Second, he tried to paint the congressman as an over-supporter of transgender youth athletes — or as Cruz put it in a recent ad, “boys using girls' locker rooms.”

“Congressman Allred was an NFL linebacker. “It’s not fair for a man to compete against women,” Cruz said.

In both cases, Allred presented himself as something like a sensible conservative along the lines of George W. Bush in the mid-1990s: traditional, Christian, but fundamentally compassionate.

“I don’t support boys playing girls’ sports,” Allred said, a statement that LGBTQ magazine The Advocate called “anti-trans” when the congressman unveiled it last week. But he added that “I think people shouldn't be discriminated against” before turning to abortion – carefully framed by the image of the woman exercising her right not just to choose, but not to contract a preventable disease die.

“He wants you to think about children in toilets, so you don’t think about women in hospitals,” Allred said.

This approach was also reflected in his attitude at the border. When moderators pressed the Democrat on why he previously opposed Trump's border wall but supported President Biden's recent plans to expand it, Allred warned against taking “anything out of context from seven years ago.”

In contrast to his initial comments about the “racist” wall in his first term, Allred repeatedly criticized Cruz on Tuesday for not being tough enough on immigration, particularly for voting against a restrictive Senate border agreement in February.

“Senator. Cruz treats our border communities as if he were going on some kind of safari. He comes down, puts on his outdoor clothes and tries to look tough.” And then, Allred said, “Cruz goes back to Washington and doesn't do anything to help.”

In another throwback to the Bush era, Allred also promised to fix “our broken legal immigration system.”

Trump is an asset, Harris is a liability

Cruz emphasized his ties to Trump throughout the debate, while Allred kept his own party's leading candidates at arm's length and declined to attack the former president, who Democrats have used as a bogeyman elsewhere.

This largely reflects Allred's narrow path to victory in what remains a very red state: While the presidential race has tightened in Texas, Vice President Harris is 5.5 points behind Trump in the Lone Star State, according to the DDHQ average.

That's double the current margin between Allred and Cruz, meaning that in order to win, Allred will have to convince hundreds of thousands of Trump voters to dump Cruz. While he supports Harris and even hyped her in a speech at the Democratic National Convention this summer, he is careful to keep Harris at arm's length as Cruz highlights the comparisons.

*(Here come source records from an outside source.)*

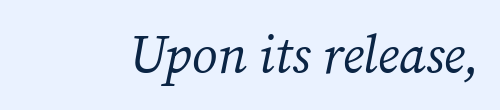
The area under the type is left untouched. Each stroke keeps to a modest, everyday thickness or less. Tall strokes in this sample are angled rather than plumb. Honestly, the letter spacing is just normal — you wouldn't notice it. Spacing verdict: proportional, widths tailored to each character. Stroke terminals: seriffed.
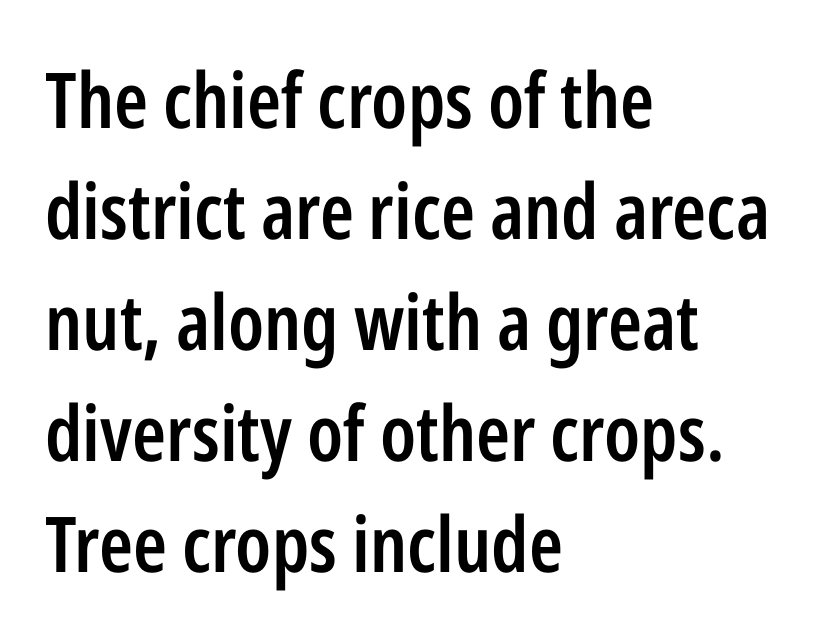
The typography opts for an upright posture over an oblique one. Honestly, there is no underline to notice here at all. Note the varied advance widths — an 'i' is clearly narrower than an 'm'. Normally led — the rows are evenly, conventionally spaced.
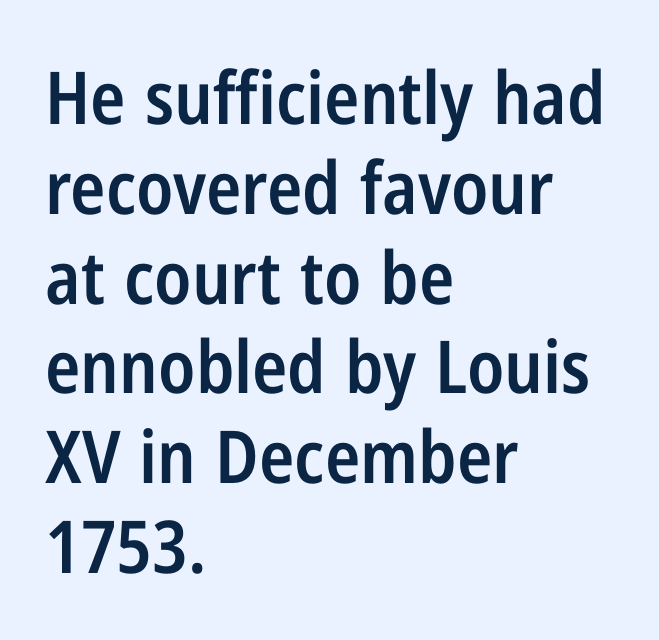
{"serif": "no", "italic": "no", "bold": "semi", "weight": "semibold", "width": "condensed", "stroke_contrast": "low", "x_height": "medium", "monospaced": "no", "underline": "no", "align": "left", "line_spacing_ratio": 1.23, "letter_spacing": "normal", "letter_spacing_em": 0.0, "glyph_px": 73}
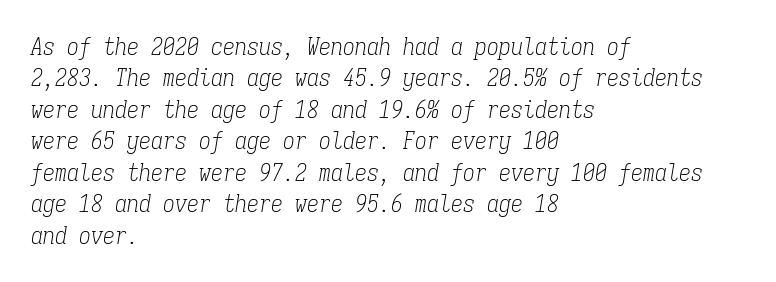
{"italic": "yes", "lean": "right", "slant_degrees": 9, "bold": "no", "underline": "no", "align": "left", "line_spacing": "normal", "line_spacing_ratio": 1.31, "letter_spacing": "normal", "letter_spacing_em": 0.0, "glyph_px": 24}
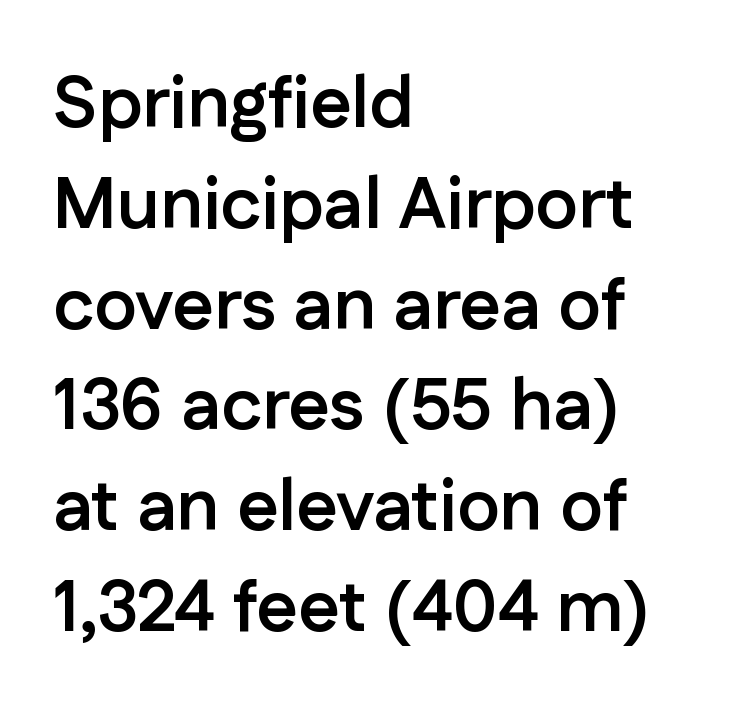
Q: Is the text bold? A: Yes.
Q: Is the text italic (slanted)? A: No, it is upright.
Q: Is the typeface a serif or a sans-serif typeface? A: Sans-serif.
Q: Is the text underlined? A: No.
Q: How is the paragraph aligned? A: Left-aligned.
Q: Is the spacing between letters normal or unusually wide? A: Normal.
Q: Is the spacing between lines tight, normal or loose? A: Normal.
Q: Width (condensed, normal, or wide)? A: Normal.
Q: Stroke contrast? A: Low.
Q: x-height? A: Medium.
Q: Monospaced? A: No.
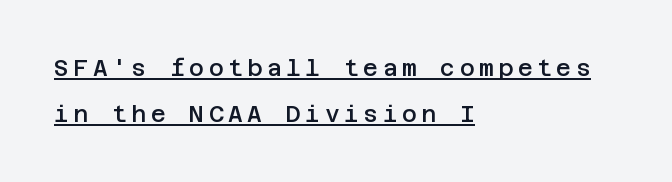
Q: Is the text bold? A: Semi-bold.
Q: Is the text italic (slanted)? A: No, it is upright.
Q: Is the text underlined? A: Yes.
Q: How is the paragraph aligned? A: Left-aligned.
Q: Is the spacing between lines tight, normal or loose? A: Loose.
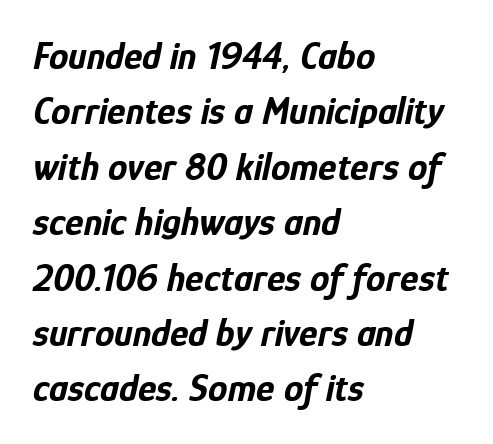
The image shows 39 px bold, condensed type, italic (leaning right); set left-aligned, normal line spacing (1.42x), normal letter spacing, not underlined; low stroke contrast and a medium x-height.
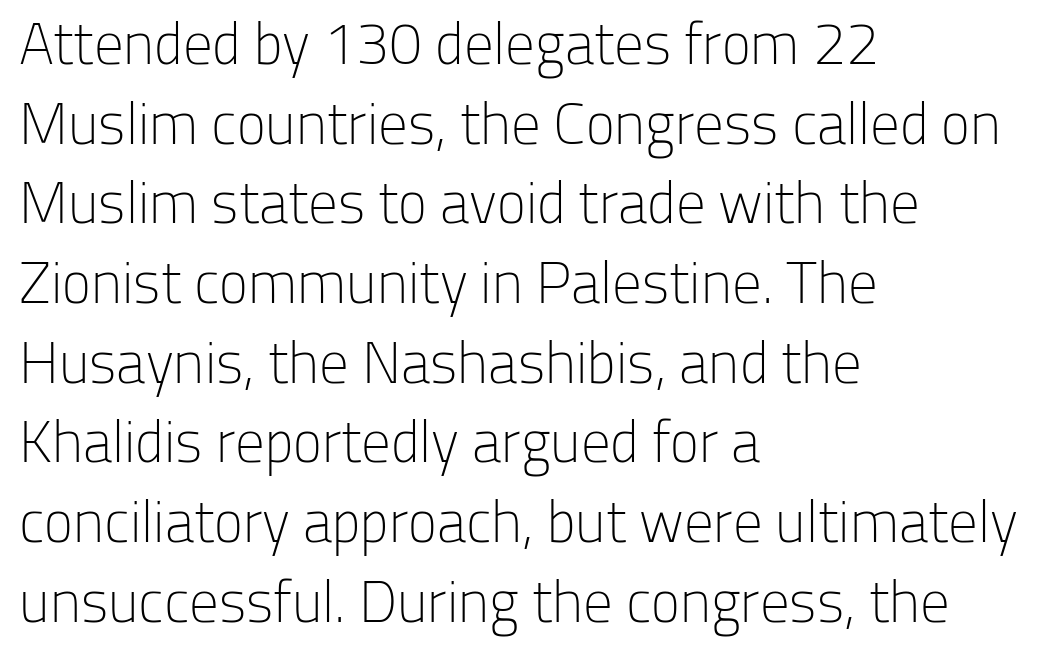
{"serif": "no", "italic": "no", "bold": "no", "weight": "light", "width": "normal", "stroke_contrast": "low", "x_height": "medium", "monospaced": "no", "underline": "no", "align": "left", "line_spacing": "normal", "line_spacing_ratio": 1.35, "letter_spacing": "normal", "letter_spacing_em": 0.0, "glyph_px": 59}
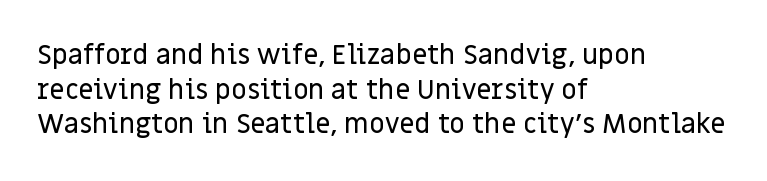
You could call the tracking neutral — neither tight nor loose. Interline gaps are of average width in this sample. The zone under the glyphs is completely vacant. A classic flush-left, rag-right setting is used for this passage. Style check: upright.
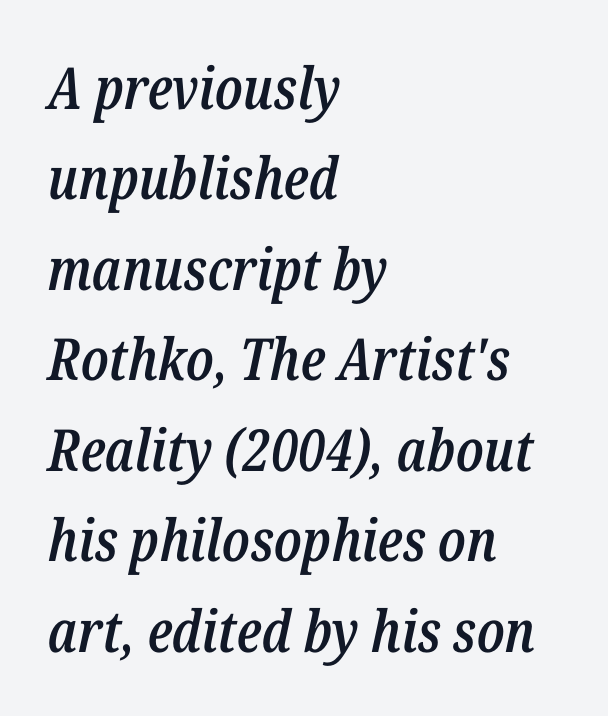
The image shows 58 px semibold, condensed type, italic (leaning right); set left-aligned, normal line spacing (1.56x), normal letter spacing, not underlined; low stroke contrast and a medium x-height.
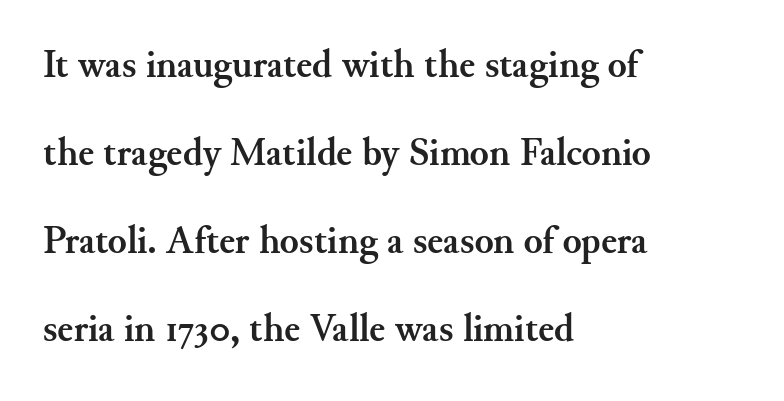
Q: Is the text bold? A: Yes.
Q: Is the text italic (slanted)? A: No, it is upright.
Q: Is the typeface a serif or a sans-serif typeface? A: Serif.
Q: Is the text underlined? A: No.
Q: How is the paragraph aligned? A: Left-aligned.
Q: Is the spacing between letters normal or unusually wide? A: Normal.
Q: Is the spacing between lines tight, normal or loose? A: Loose.
Q: Width (condensed, normal, or wide)? A: Normal.
Q: Stroke contrast? A: Medium.
Q: x-height? A: Small.
Q: Monospaced? A: No.
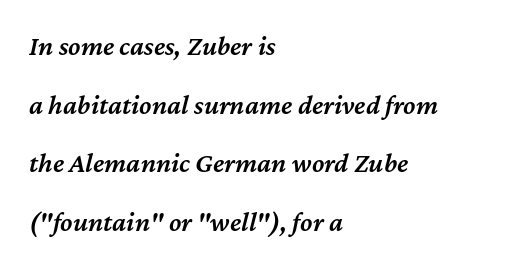
{"italic": "yes", "lean": "right", "slant_degrees": 12, "bold": "semi", "weight": "semibold", "width": "normal", "stroke_contrast": "medium", "x_height": "medium", "monospaced": "no", "underline": "no", "align": "left", "line_spacing": "loose", "line_spacing_ratio": 2.09, "letter_spacing": "normal", "letter_spacing_em": 0.0, "glyph_px": 28}
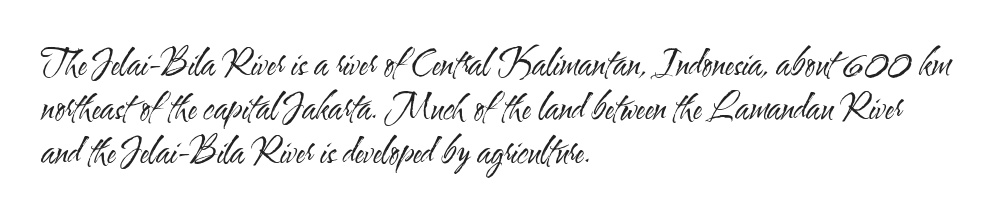
{"serif": "no", "bold": "no", "weight": "regular", "width": "condensed", "stroke_contrast": "medium", "x_height": "small", "monospaced": "no", "underline": "no", "align": "left", "line_spacing": "normal", "line_spacing_ratio": 1.3, "letter_spacing": "normal", "letter_spacing_em": 0.0, "glyph_px": 34}

Cruz, on the other hand, has much less of a need to be conciliatory toward Harris supporters. “Understand this,” he said. “Kamala Harris is Colin Allred. Their records are the same.” Both, he said, “pursued the same radical agenda.”

“When Donald Trump was president, I worked hand-in-hand with President Trump to secure the border, and we achieved incredible success,” Cruz once said. On another topic, he shed light on his advice to Trump regarding Israel, an issue that may have inflamed the senator more than any other topic raised during the debate.

“When President Trump was president, I asked him to move our embassy to Jerusalem. He did and…. When President Trump was president, I called on him to withdraw from the disastrous Iran nuclear deal. He did,” Cruz said.

Trump stressed his “complete and unqualified support” for Cruz before the debate on Tuesday.